The sigmoid kernel function is defined as:

$$ K(\mathbf{x}_i, \mathbf{x}_j) = \tanh\left(\gamma \mathbf{x}_i \cdot \mathbf{x}_j + c\right) $$

where $\alpha$and $c$ are kernel parameters, and $\tanh$ is the hyperbolic tangent function.

The decision function for the sigmoid kernel is:

$$ f(\mathbf{x}) = \tanh\left(\sum_{i=1}^{n} \gamma_i y_i (\mathbf{x} \cdot \mathbf{x}_i) + c\right) $$

where $\alpha_i$ are the Lagrange multipliers, $y_i$ are the class labels, and $c$ is a parameter.

SVM Dual Formulation

The optimization problem is often solved using its dual formulation. The dual problem focuses on finding the Lagrange multipliers $\alpha_i$ that satisfy the following:

$$ \max_{\alpha} \sum_{i=1}^{n} \alpha_i - \frac{1}{2} \sum_{i=1}^{n} \sum_{j=1}^{n} \alpha_i \alpha_j y_i y_j K(\mathbf{x}_i, \mathbf{x}_j) $$

subject to:

$$ 0 \leq \alpha_i \leq C \quad \forall i $$

and

$$ \sum_{i=1}^{n} \alpha_i y_i = 0 $$

where $K(\mathbf{x}_i, \mathbf{x}_j)$ is the kernel function that computes the dot product in the transformed feature space.

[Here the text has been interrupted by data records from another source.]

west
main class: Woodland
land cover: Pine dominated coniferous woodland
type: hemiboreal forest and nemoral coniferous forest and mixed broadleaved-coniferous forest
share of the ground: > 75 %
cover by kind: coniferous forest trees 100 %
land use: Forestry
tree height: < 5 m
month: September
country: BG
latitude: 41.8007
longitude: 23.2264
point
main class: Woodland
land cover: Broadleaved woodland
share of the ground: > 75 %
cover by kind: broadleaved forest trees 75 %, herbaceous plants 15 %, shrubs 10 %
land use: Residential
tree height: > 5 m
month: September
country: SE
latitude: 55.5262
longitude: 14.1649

Sequential Minimal Optimization

The SMO algorithm works as follows:

Initialize the Lagrange multipliers $\alpha_i$ to zero.
item Repeat until convergence:
1. Select two multipliers $\alpha_i$ and $\alpha_j$ that violate the Karush-Kuhn-Tucker (KKT) conditions.
2. Solve the optimization problem for these two multipliers while keeping the others fixed.
3. Update the multipliers and the corresponding weight vector $\mathbf{w}$ and bias term $b$.

The advantage of the SMO algorithm is that it decomposes the large quadratic programming problem into a series of smaller problems that are easier and faster to solve.

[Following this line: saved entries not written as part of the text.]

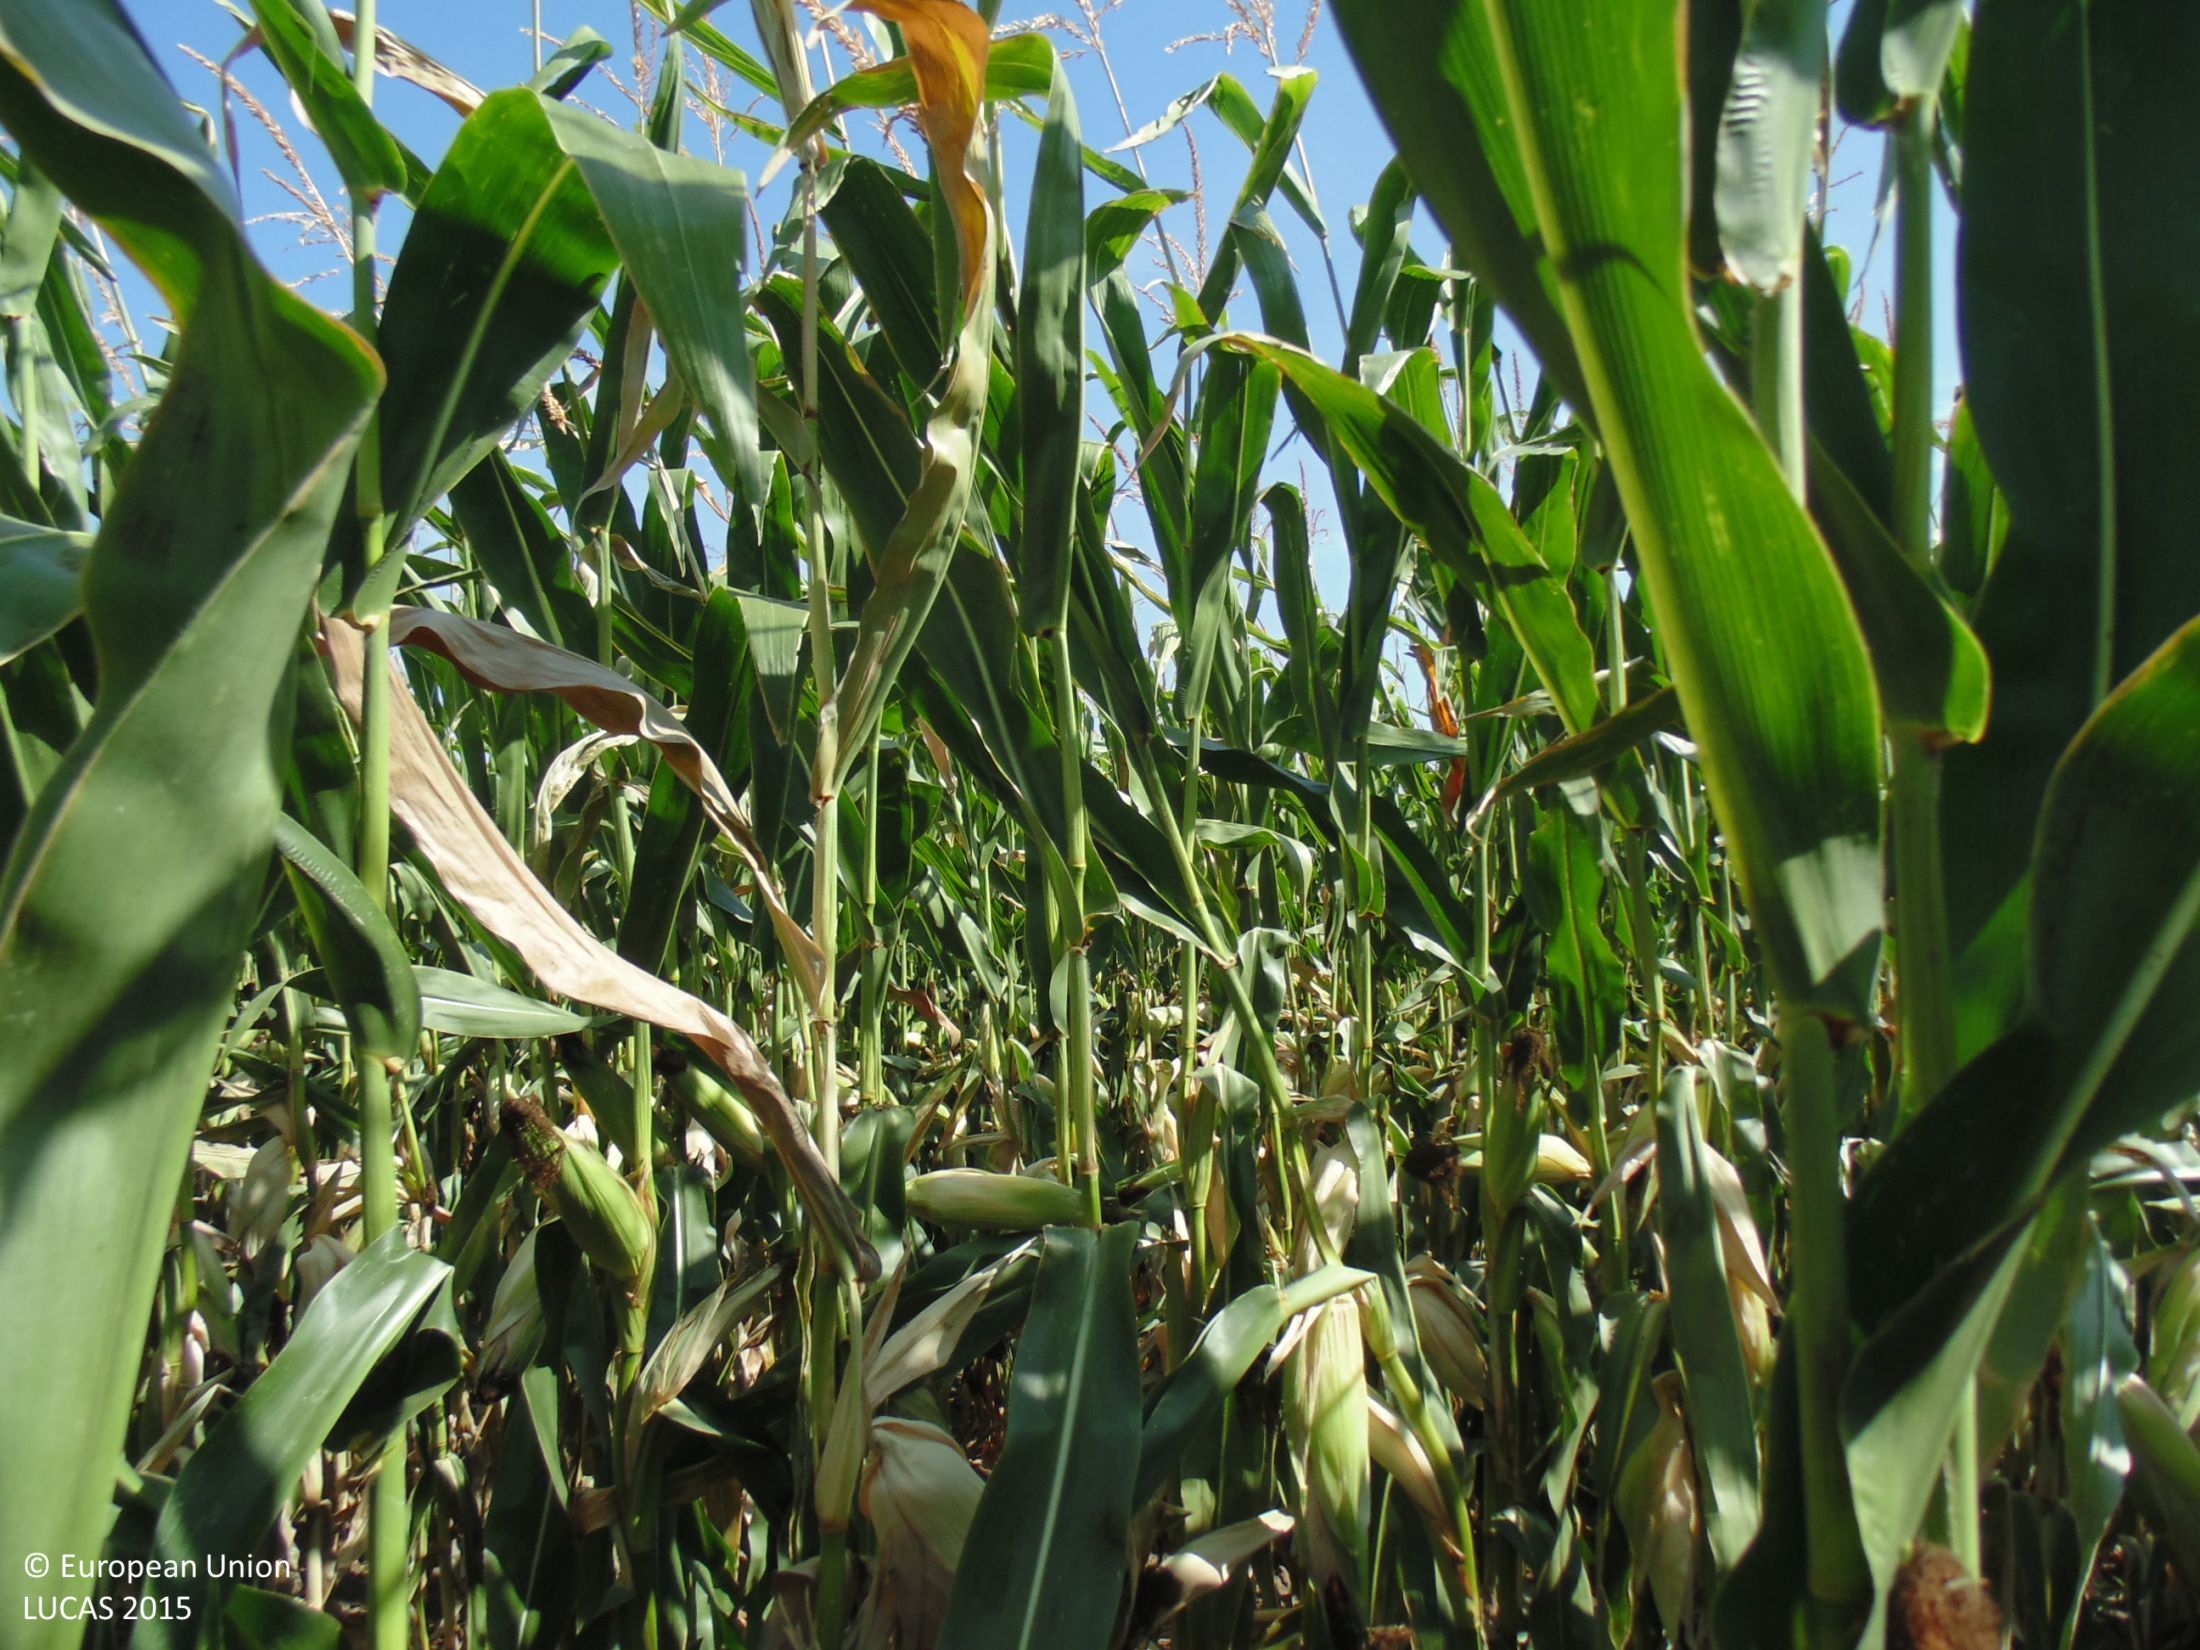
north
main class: Cropland
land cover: Maize
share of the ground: > 75 %
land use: Agriculture (excluding fallow land and kitchen gardens)
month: August
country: BG
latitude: 43.6615
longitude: 28.2221

The optimization of two Lagrange multipliers $\alpha_i$ and $\alpha_j$ can be expressed as:

$$ \max_{\alpha_i, \alpha_j} \left( \alpha_i + \alpha_j - \frac{1}{2} \left( \alpha_i^2 K(\mathbf{x}_i, \mathbf{x}_i) + \alpha_j^2 K(\mathbf{x}_j, \mathbf{x}_j) + 2 \alpha_i \alpha_j K(\mathbf{x}_i, \mathbf{x}_j) \right) \right) $$

subject to the constraints:

$$ 0 \leq \alpha_i, \alpha_j \leq C $$

and

$$ y_i \alpha_i + y_j \alpha_j = \text{constant} $$

This quadratic optimization problem in two variables is much simpler to solve, and the SMO algorithm iteratively updates the multipliers to find the optimal solution.

References

[1] V. K. Chauhan, K. Dahiya, and A. Sharma. Problem formulations and solvers in linear svm: a review. Artificial Intelligence Review, 52(2):803–855, 2019.

[2] J. Platt. Sequential minimal optimization: A fast algorithm for training support vector machines. 1998.